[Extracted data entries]
*****

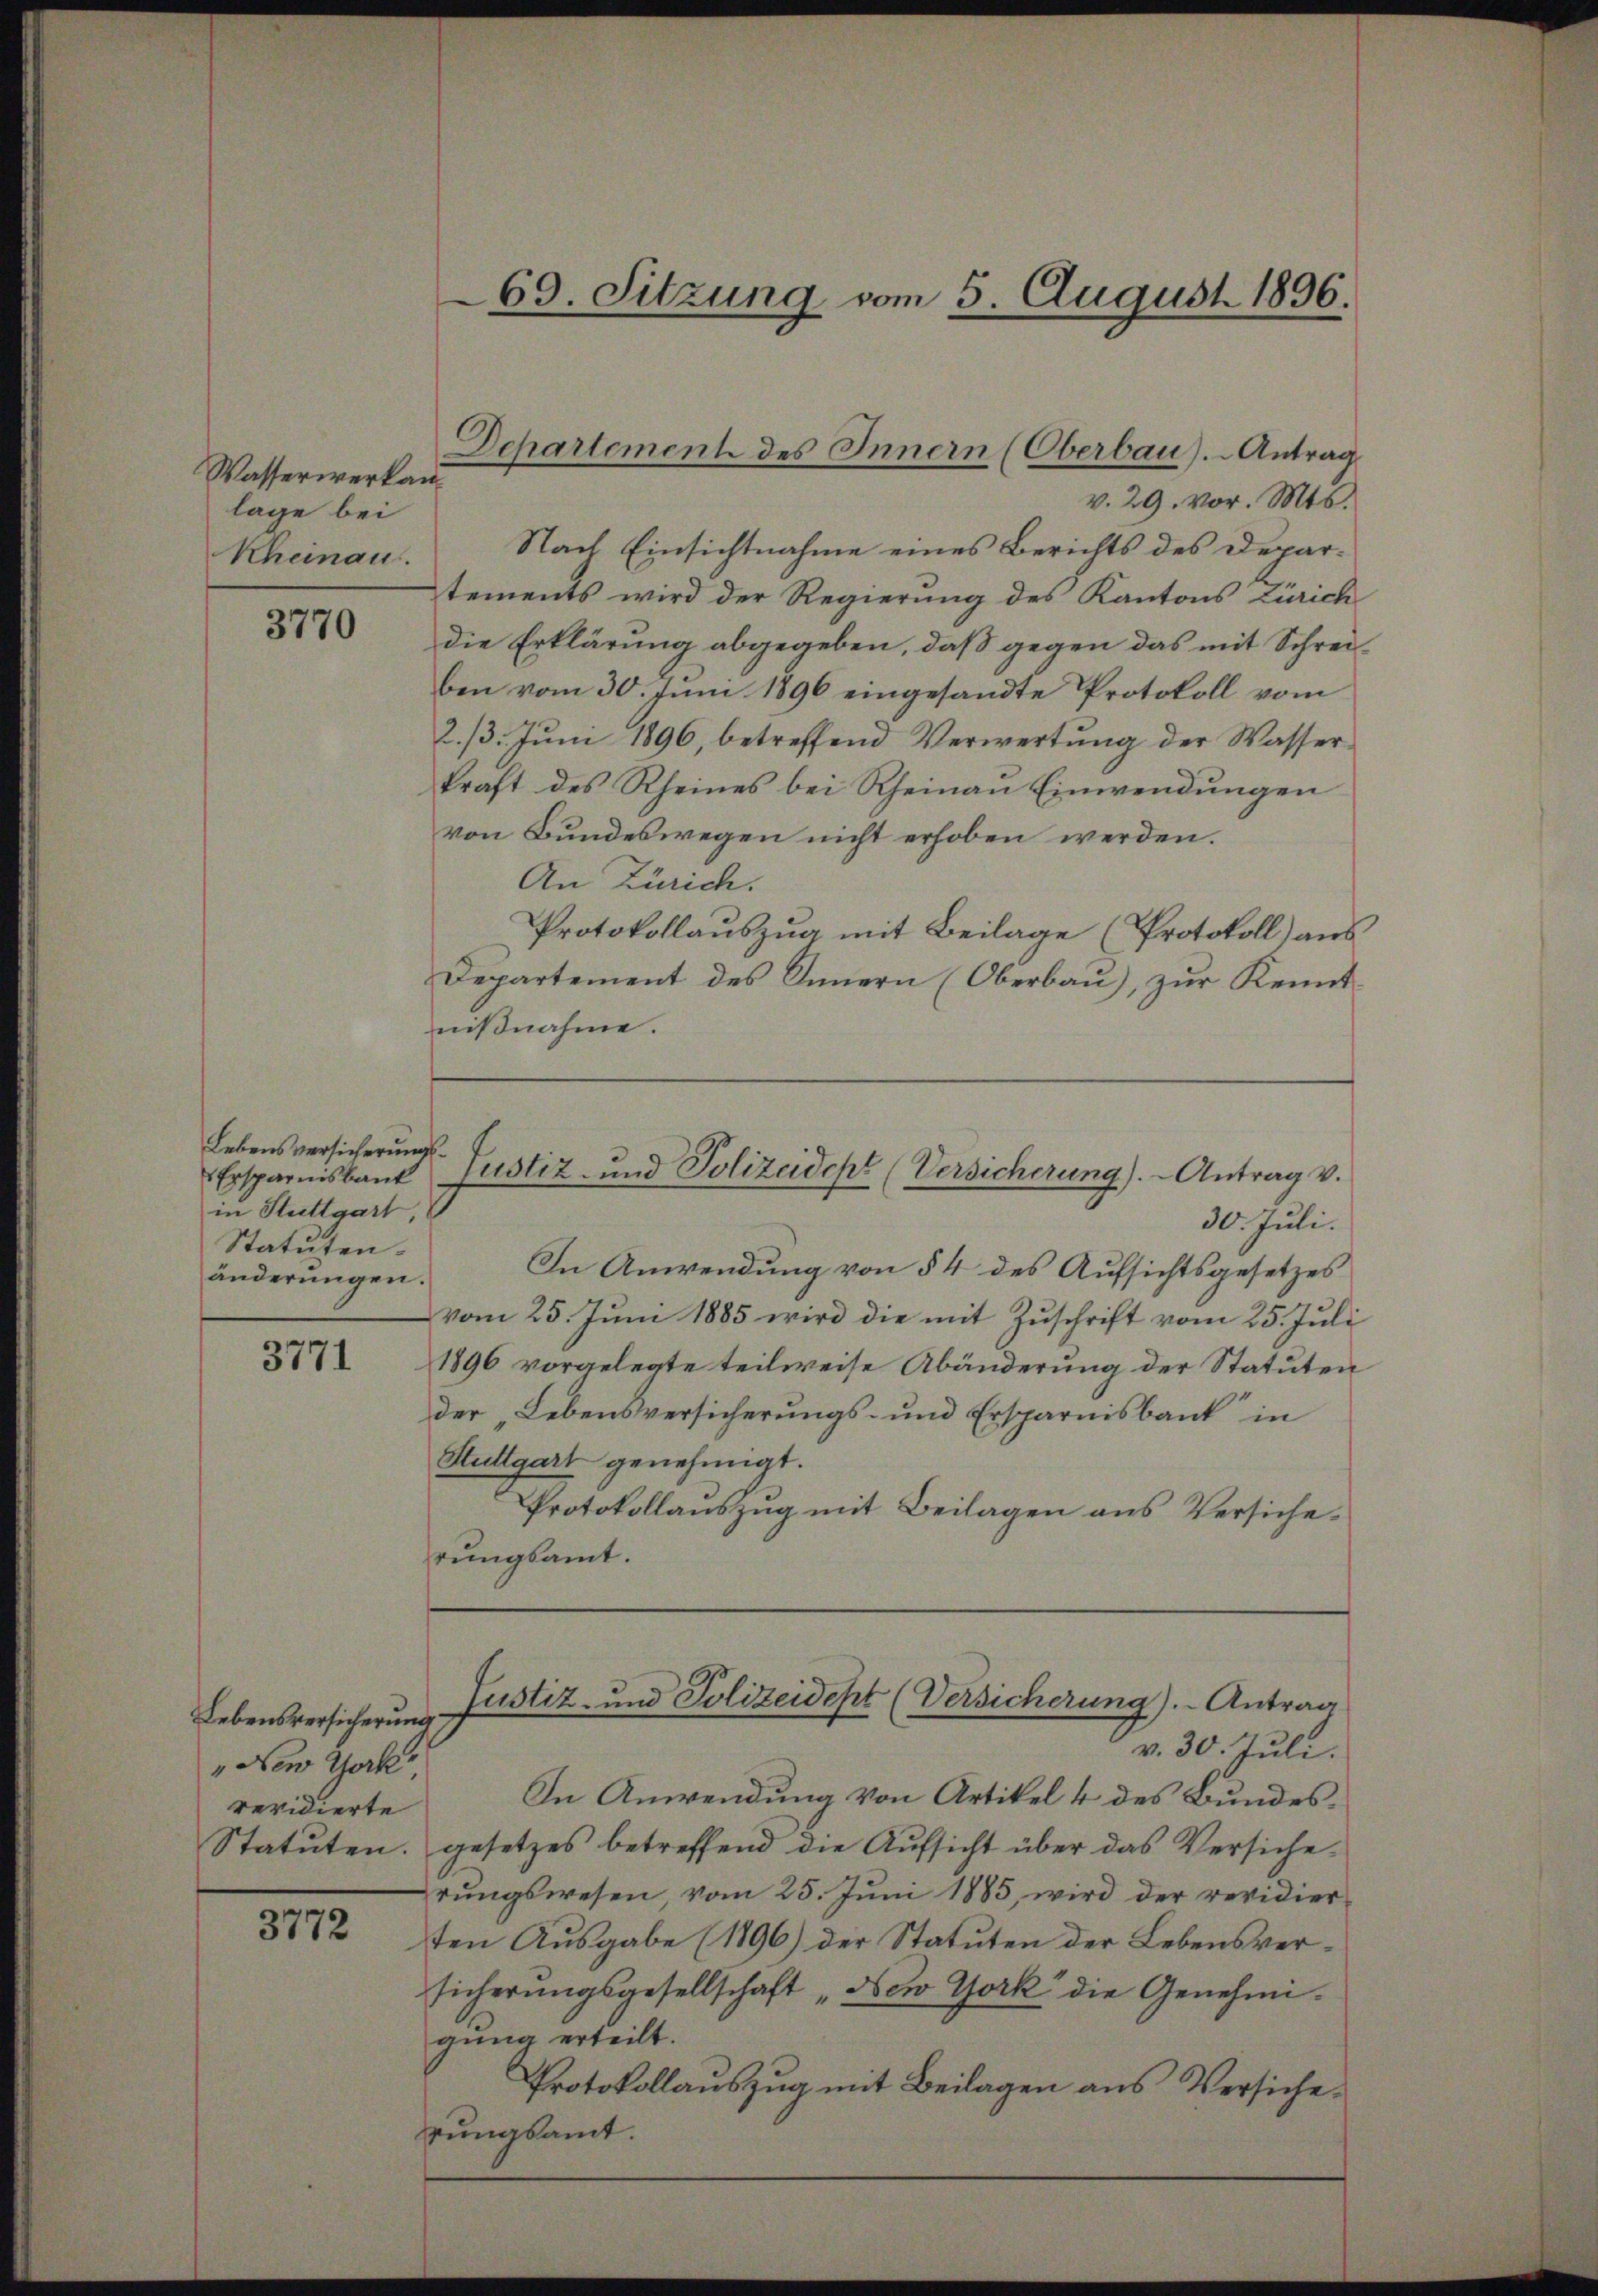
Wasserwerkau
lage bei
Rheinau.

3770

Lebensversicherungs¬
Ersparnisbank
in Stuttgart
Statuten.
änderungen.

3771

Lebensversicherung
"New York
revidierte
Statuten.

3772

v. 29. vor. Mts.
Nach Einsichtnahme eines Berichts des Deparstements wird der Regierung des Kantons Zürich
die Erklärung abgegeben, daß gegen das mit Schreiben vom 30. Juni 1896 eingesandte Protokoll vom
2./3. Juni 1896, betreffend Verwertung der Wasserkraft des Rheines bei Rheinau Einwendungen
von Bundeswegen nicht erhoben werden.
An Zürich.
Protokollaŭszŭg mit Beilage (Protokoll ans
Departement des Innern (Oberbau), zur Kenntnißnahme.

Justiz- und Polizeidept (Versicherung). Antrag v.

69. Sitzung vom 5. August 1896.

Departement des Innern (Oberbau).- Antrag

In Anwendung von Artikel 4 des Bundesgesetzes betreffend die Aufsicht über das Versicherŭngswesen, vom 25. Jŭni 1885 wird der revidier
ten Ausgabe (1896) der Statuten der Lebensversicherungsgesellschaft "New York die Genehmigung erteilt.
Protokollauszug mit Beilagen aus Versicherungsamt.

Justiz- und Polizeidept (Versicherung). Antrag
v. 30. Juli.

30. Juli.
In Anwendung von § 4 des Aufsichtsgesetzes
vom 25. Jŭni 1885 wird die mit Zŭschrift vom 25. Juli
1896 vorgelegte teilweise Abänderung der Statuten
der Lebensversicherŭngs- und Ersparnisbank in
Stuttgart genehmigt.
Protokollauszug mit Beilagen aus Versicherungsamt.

*****

* _WORK TO BE COMPLETED_
Output only the lines from the one holding "ten Ausgabe (1896)" through the last line above, exactly as they appear.

* _THE ANSWER_
ten Ausgabe (1896) der Statuten der Lebensversicherungsgesellschaft "New York die Genehmigung erteilt.
Protokollauszug mit Beilagen aus Versicherungsamt.

Justiz- und Polizeidept (Versicherung). Antrag
v. 30. Juli.

30. Juli.
In Anwendung von § 4 des Aufsichtsgesetzes
vom 25. Jŭni 1885 wird die mit Zŭschrift vom 25. Juli
1896 vorgelegte teilweise Abänderung der Statuten
der Lebensversicherŭngs- und Ersparnisbank in
Stuttgart genehmigt.
Protokollauszug mit Beilagen aus Versicherungsamt.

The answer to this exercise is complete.